Wow, peavey makes such great tube amps too, their modeler must be really nifty.

-W















excuse me while I choke on my sarcasm


----------



## Jeff (Feb 7, 2008)

Wake me up when they come out with a 60 watt 1x12 JSX. Until then.....*yawn*


----------



## playstopause (Feb 7, 2008)

Apophis said:


> Looks awesome, what price??



Click on the link.


----------



## playstopause (Feb 7, 2008)

Crucified said:


> peavey had a good amp going with the 5150/6505 serious why not go in that direction, where musicians are wanting to buy your gear because its better, not cheaper than other gear.
> 
> /endwhine.



Imho, Peavey is pretty tough to beat on a price vs. quality standard.


----------



## Metal Ken (Feb 7, 2008)

Good thing it comes with Real 6l6's instead of those fake ones


----------



## Toshiro (Feb 7, 2008)

I want to try out the little 30 watt, no tube, version.

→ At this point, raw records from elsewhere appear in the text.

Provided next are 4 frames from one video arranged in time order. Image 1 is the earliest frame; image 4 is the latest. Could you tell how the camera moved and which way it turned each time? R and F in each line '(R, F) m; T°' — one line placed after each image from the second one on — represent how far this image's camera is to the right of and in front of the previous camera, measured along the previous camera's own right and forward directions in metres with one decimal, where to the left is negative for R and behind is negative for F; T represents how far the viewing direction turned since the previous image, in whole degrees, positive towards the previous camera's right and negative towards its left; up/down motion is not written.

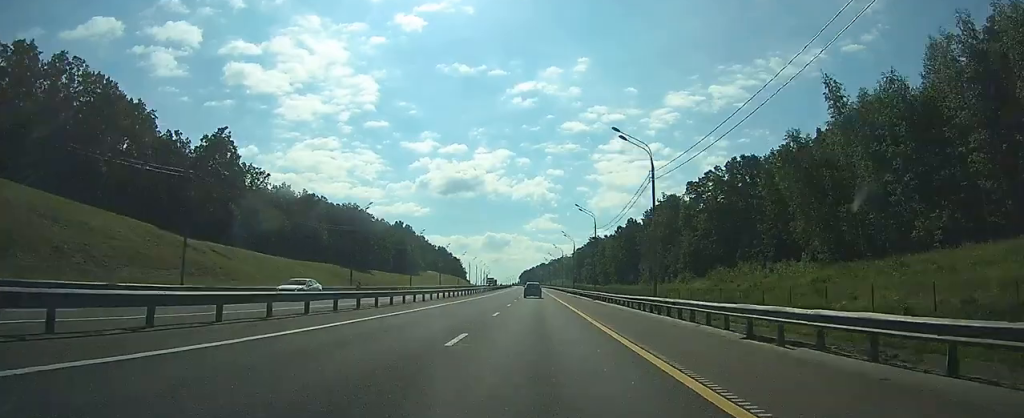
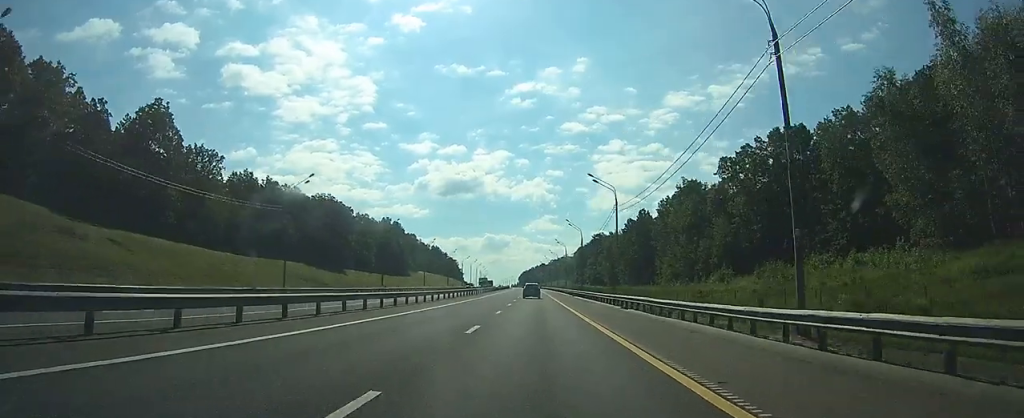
(-0.1, +19.7) m; 0°
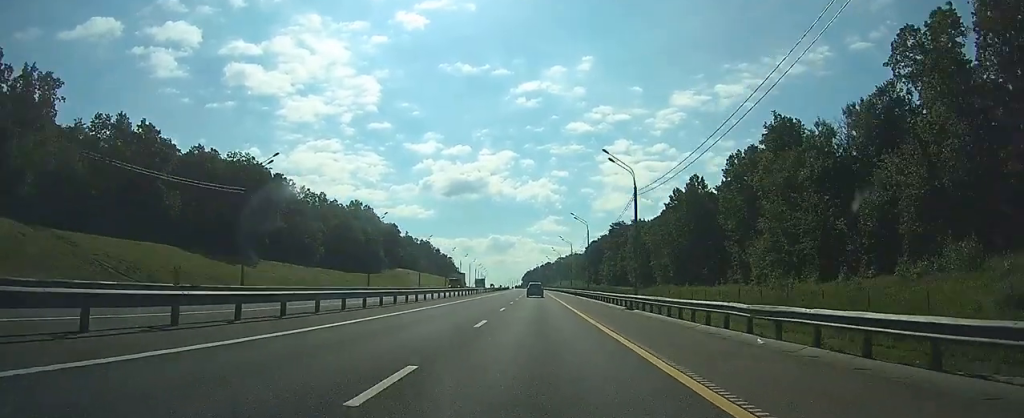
(+0.1, +44.6) m; 0°
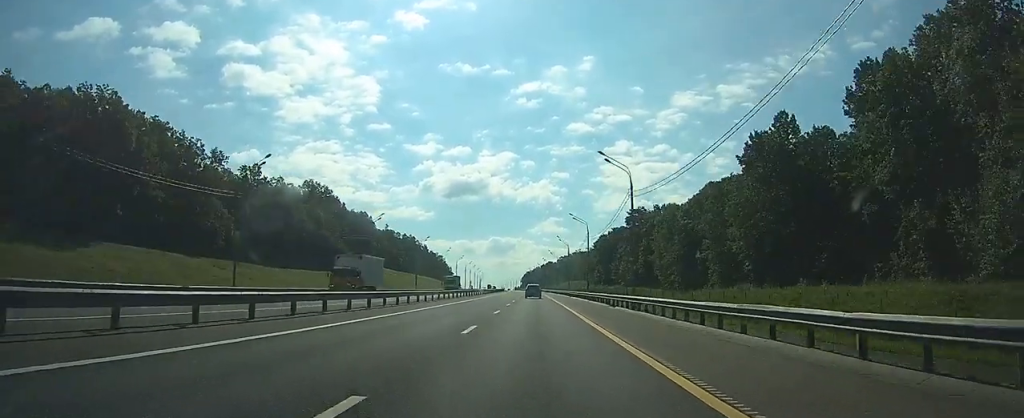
(-0.1, +37.4) m; 0°
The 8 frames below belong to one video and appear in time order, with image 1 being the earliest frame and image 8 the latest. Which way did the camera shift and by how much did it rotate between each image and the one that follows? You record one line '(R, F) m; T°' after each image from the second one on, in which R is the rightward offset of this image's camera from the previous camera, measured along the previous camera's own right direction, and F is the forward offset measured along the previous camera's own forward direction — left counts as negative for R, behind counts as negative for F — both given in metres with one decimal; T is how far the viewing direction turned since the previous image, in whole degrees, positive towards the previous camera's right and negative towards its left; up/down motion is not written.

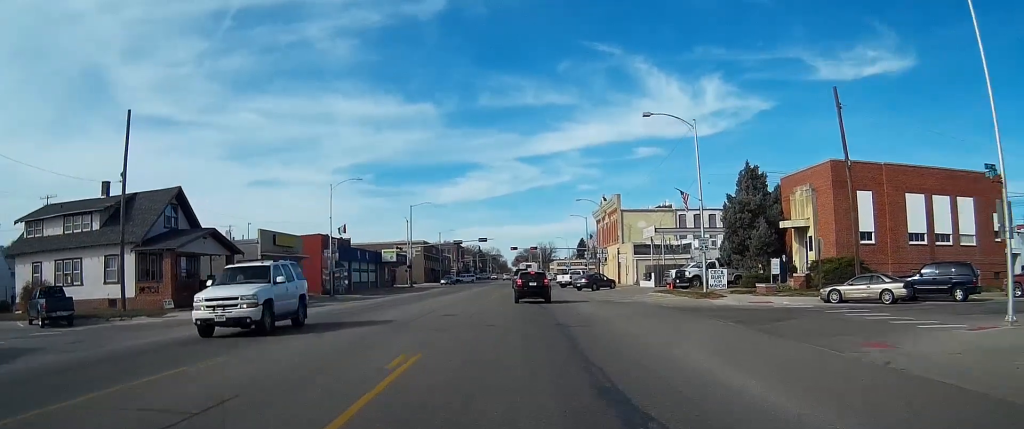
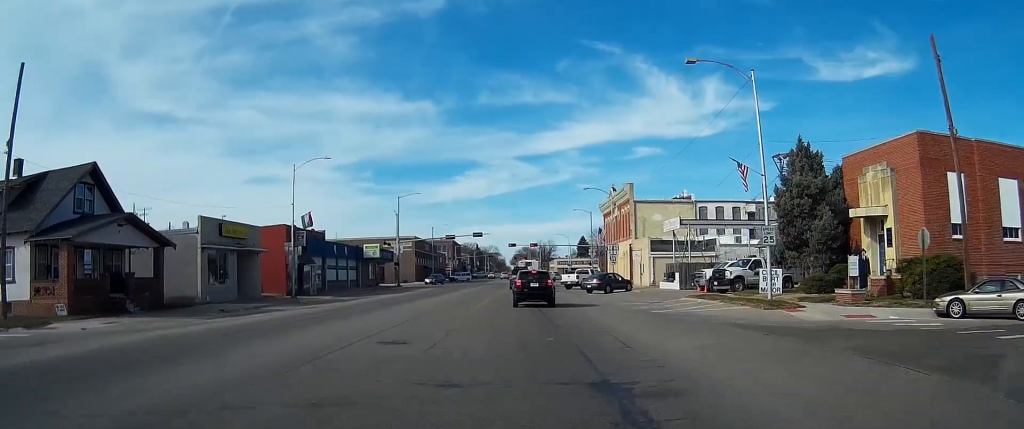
(-0.1, +10.1) m; -1°
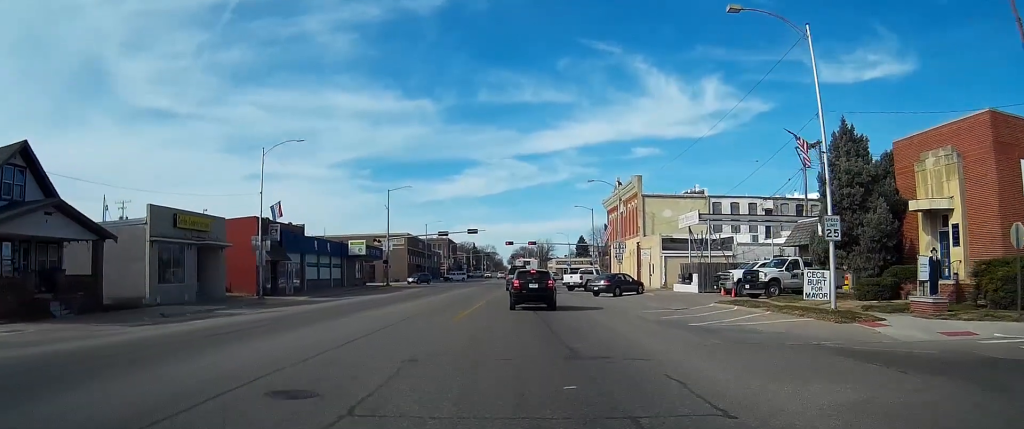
(0.0, +6.1) m; 0°
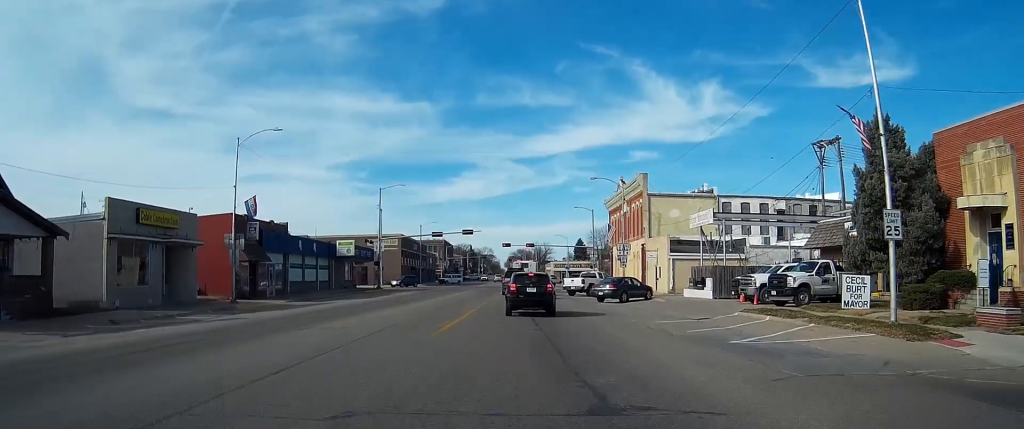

Could be a contender in the "great sounding practice amp at 4am" battle.

Now, if their 5150/6505 model is more accurate than everyone else's, I could see these going over pretty well.


----------



## budda (Feb 7, 2008)

looks like fun for some warm modeling home recording.


----------



## playstopause (Feb 8, 2008)

Metal Ken said:


> Good thing it comes with Real 6l6's instead of those fake ones


----------



## Despised_0515 (Feb 8, 2008)

It strangely reminds me of batman... and with all those feature it's pretty much got a built-in "utility belt"  I've got the strange urge to try one out  and I want to know how the USB interface sounds in recordings.


----------



## MF_Kitten (Feb 9, 2008)

Crucified said:


> in correctly



i thought that part was hilarious


----------



## ChrisPcritter (Feb 9, 2008)

VicerExciser said:


> It strangely reminds me of batman... and with all those feature it's pretty much got a built-in "utility belt"  I've got the strange urge to try one out  and I want to know how the USB interface sounds in recordings.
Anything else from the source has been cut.